For the foregoing reasons, the Motion For New Trial (Document 11) will be granted and it is unnecessary to consider all the reasons stated in that Motion and in the document entitled “Additional Reasons In Support of Motion For New Trial” (Document 19).8 The Motion For New Trial on Grounds of After-Discovered Evidence (Document 21) will be dismissed as moot.

ORDER

And now, July 26, 1967, it is ordered that the motion for new trial (Document 11) is granted, and the motion for new trial on grounds of after discovered evidence (Document 21) is dismissed as moot.

. The defendant did not take the stand and did not offer any evidence in his defense.

. This witness conceded that he was confused and very emotionally jittery after *194the event (N.T. 93), but he also testified that he had no doubt in his mind that the defendant was the man who robbed the bank on July 6, 1966.

. Paragraph 1-9 of the Motion For New Trial on the Ground of After-Discovered Evidence (Document 21) have been admitted by the letter of July 5, 1967, attached to the Government’s MEMORANDUM OF DAW Contra that Motion (Document 22).

. See attached letter of July 20 with enclosures for stipulation, which also covers the evidence in the next two sentences.

. This case is one of many illustrating that the defendant who can afford an able and experienced lawyer gets a more favorable result in the criminal courts than the defendant who has to rely on the overworked, court-appointed attorneys.

. It is possible that the jury rejected the identification testimony of both the bank manager and the chief teller (Mrs.
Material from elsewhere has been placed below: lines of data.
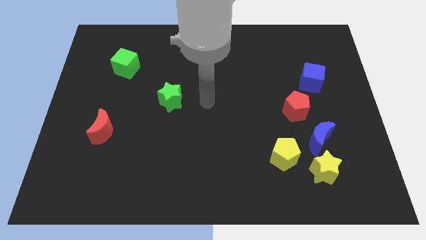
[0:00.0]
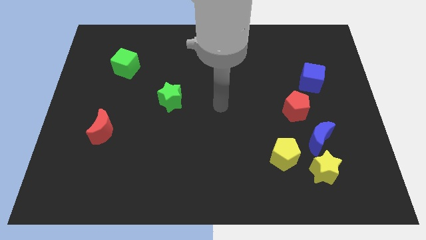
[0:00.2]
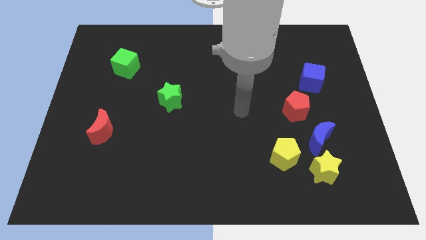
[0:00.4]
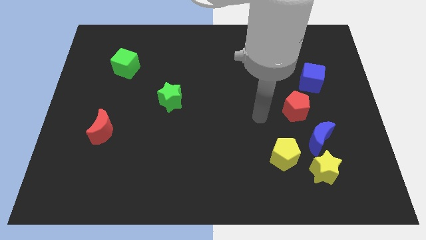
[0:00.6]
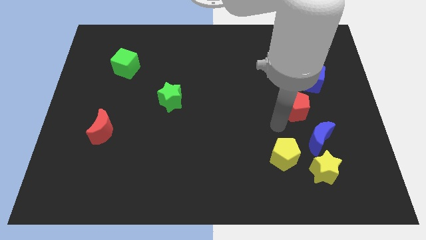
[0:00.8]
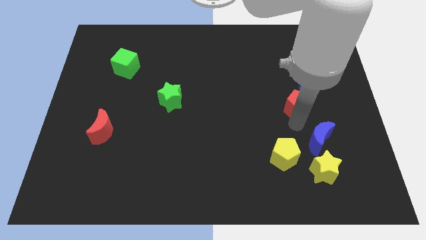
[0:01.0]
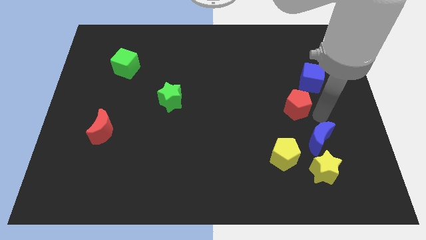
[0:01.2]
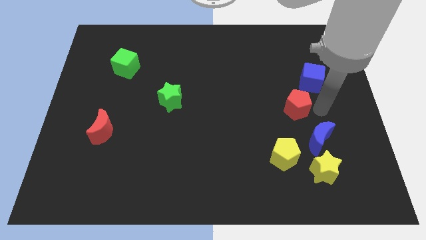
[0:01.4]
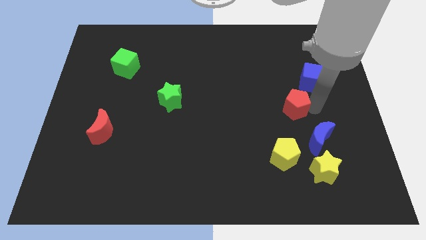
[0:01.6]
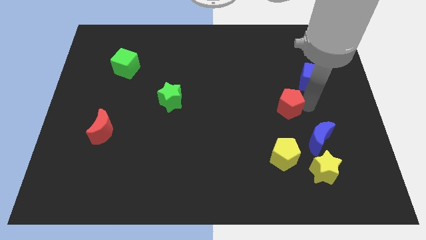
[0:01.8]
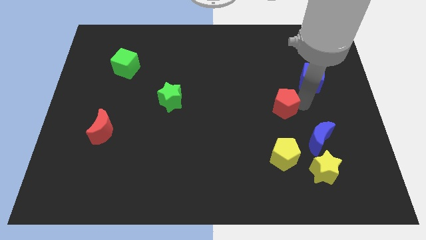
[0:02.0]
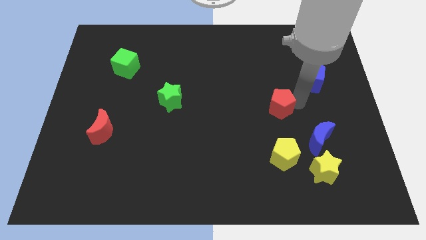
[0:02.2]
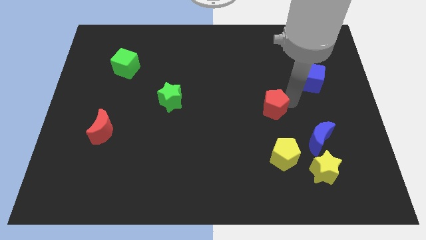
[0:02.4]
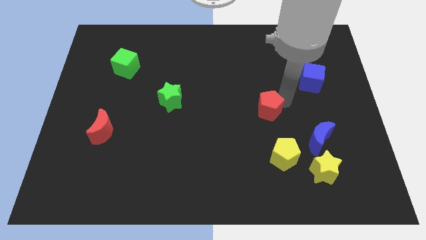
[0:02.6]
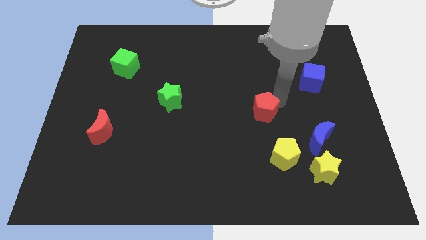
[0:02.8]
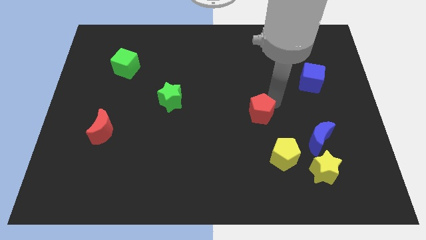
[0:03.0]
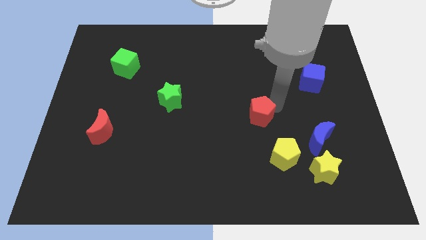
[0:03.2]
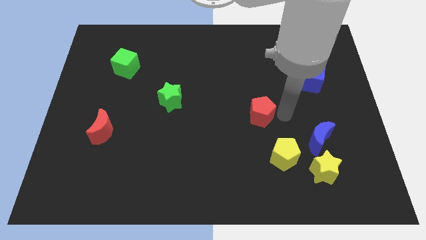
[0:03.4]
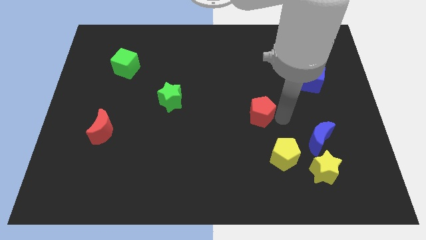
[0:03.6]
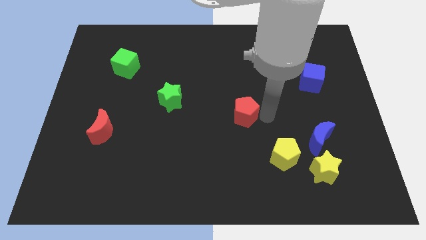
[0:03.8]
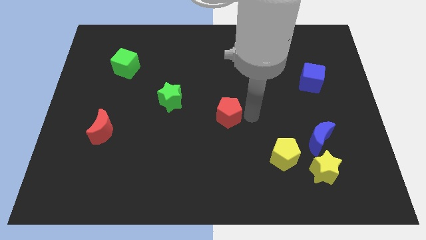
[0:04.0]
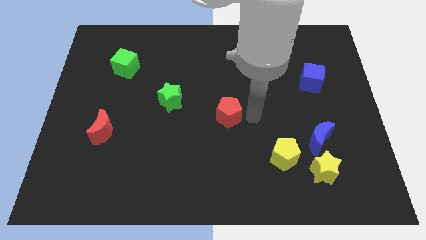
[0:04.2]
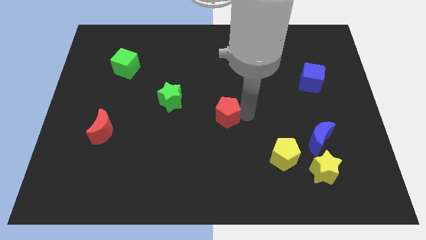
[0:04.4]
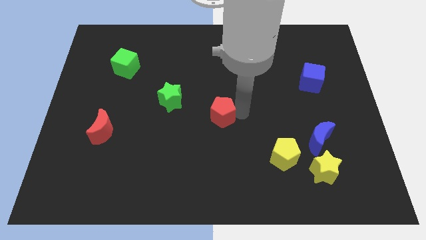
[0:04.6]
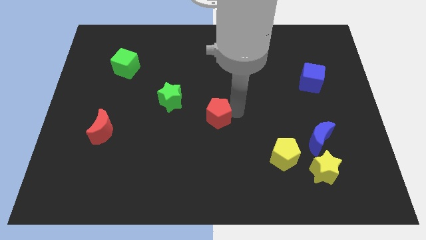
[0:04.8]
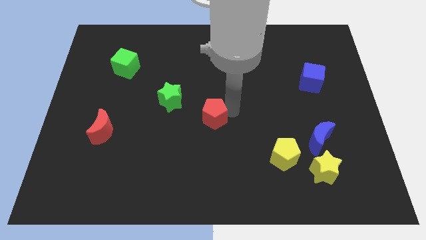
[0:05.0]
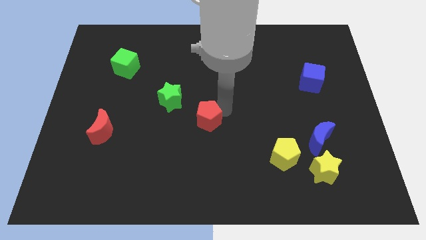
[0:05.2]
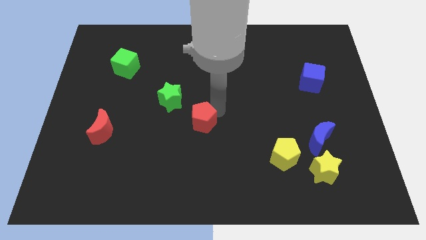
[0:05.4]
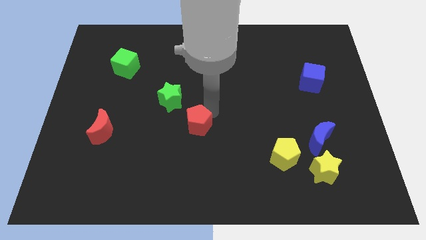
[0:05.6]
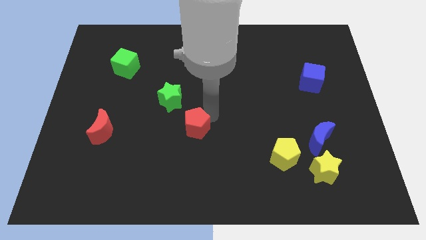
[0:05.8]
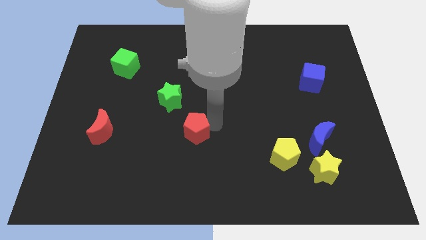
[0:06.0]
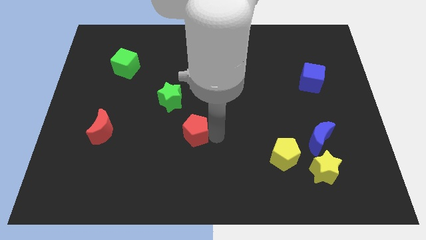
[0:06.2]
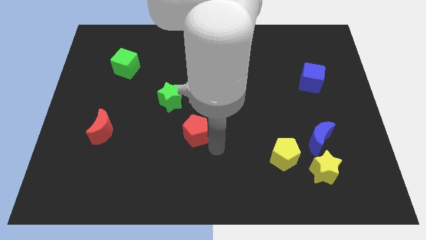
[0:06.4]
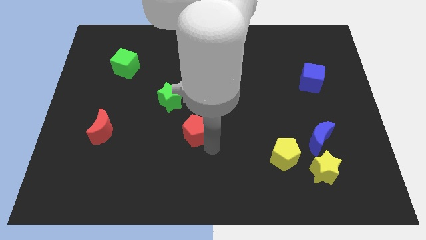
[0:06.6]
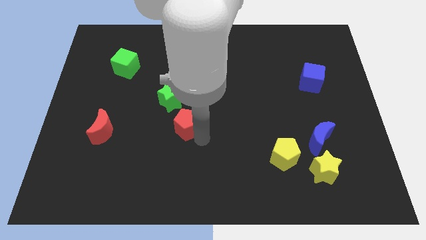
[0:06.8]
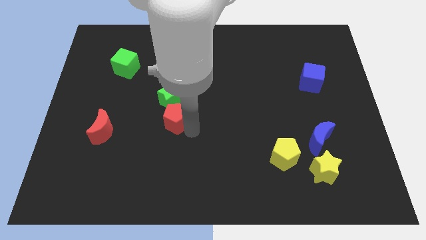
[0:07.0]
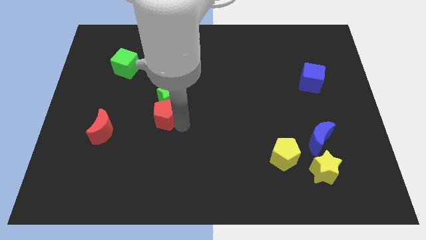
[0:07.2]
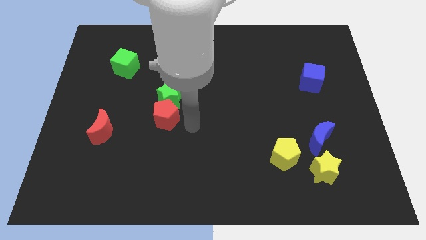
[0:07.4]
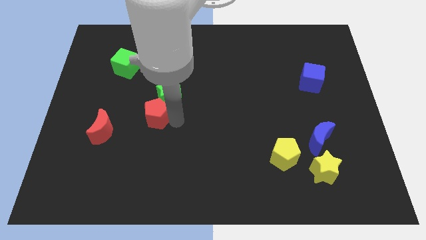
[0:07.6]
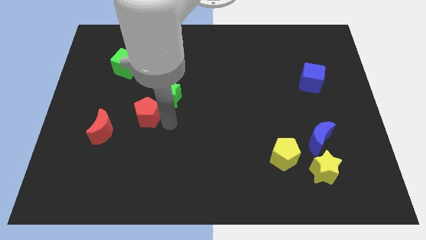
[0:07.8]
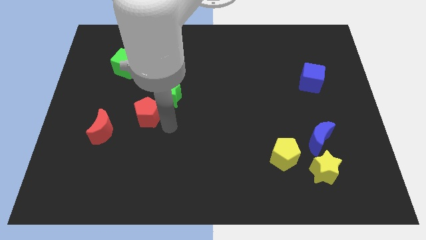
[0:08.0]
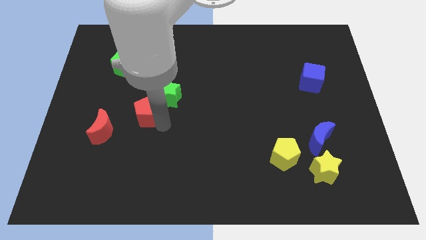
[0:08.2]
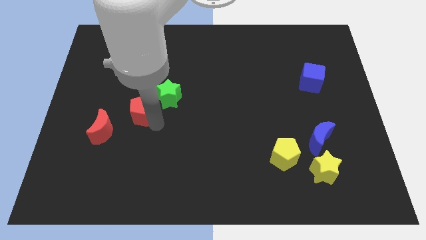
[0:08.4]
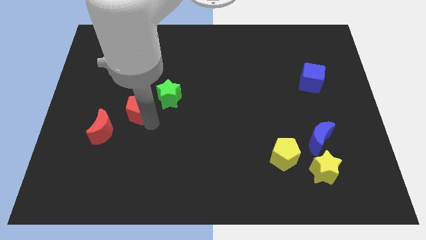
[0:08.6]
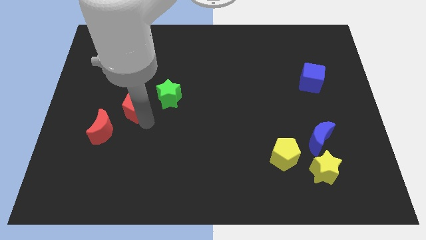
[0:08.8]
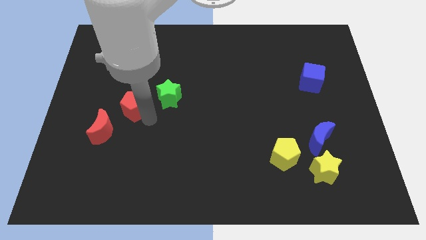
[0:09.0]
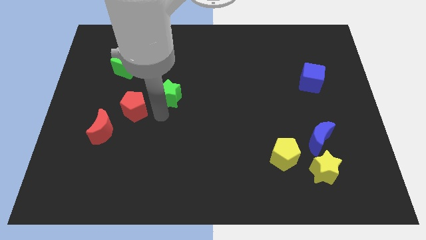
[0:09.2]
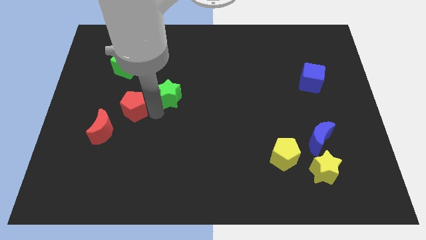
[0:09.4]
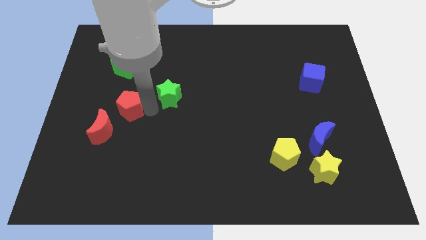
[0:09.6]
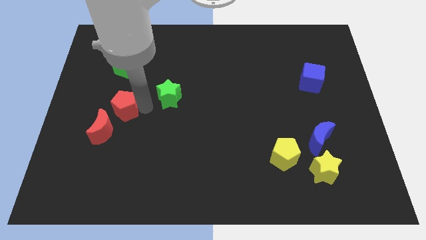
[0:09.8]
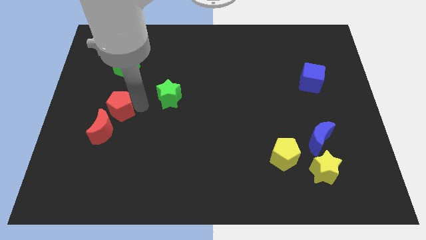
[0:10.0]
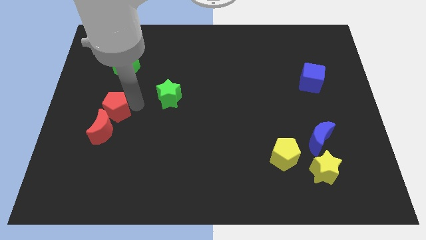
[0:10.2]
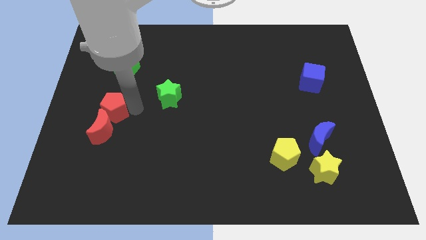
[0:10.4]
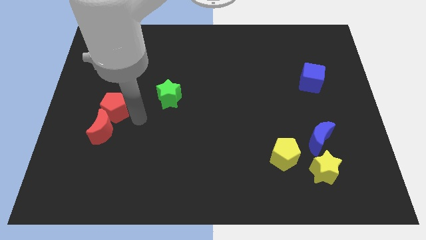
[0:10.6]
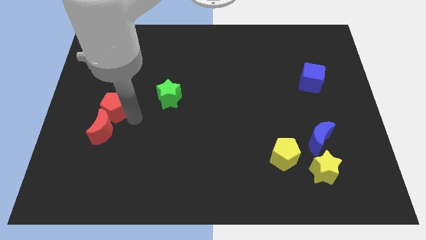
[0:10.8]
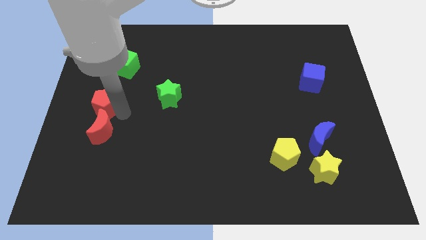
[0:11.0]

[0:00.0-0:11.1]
put the red pentagon to the center left

Harvey).

. See United States v. Rutkin, 208 F.2d 647 (3rd Cir. 1954); cf. Mesarosh v. United States, 352 U.S. 1, 9-10, 77 S.Ct. 1, 1 L. Ed.2d 1 (1956). United States v. Aviles, 197 F.Supp. 536 (S.D.N.Y.1961), cited by the Government, is factually different from the situation presented by this case.

. The briefs and memorandum bearing on defendant’s Motion For New Trial (Document 11) have been docketed as Documents 24 to 27. In view of the authorities cited in Defendant’s Reply Brief (Document 26), it may be helpful to say that nothing which transpired during the trial in April 1967 made it appear that there had been an unconstitutional seizure of documents justifying any modification of Judge Luongo’s order of 1/18/67, denying the MOTION TO SUPPRESS EVIDENCE (Document 3).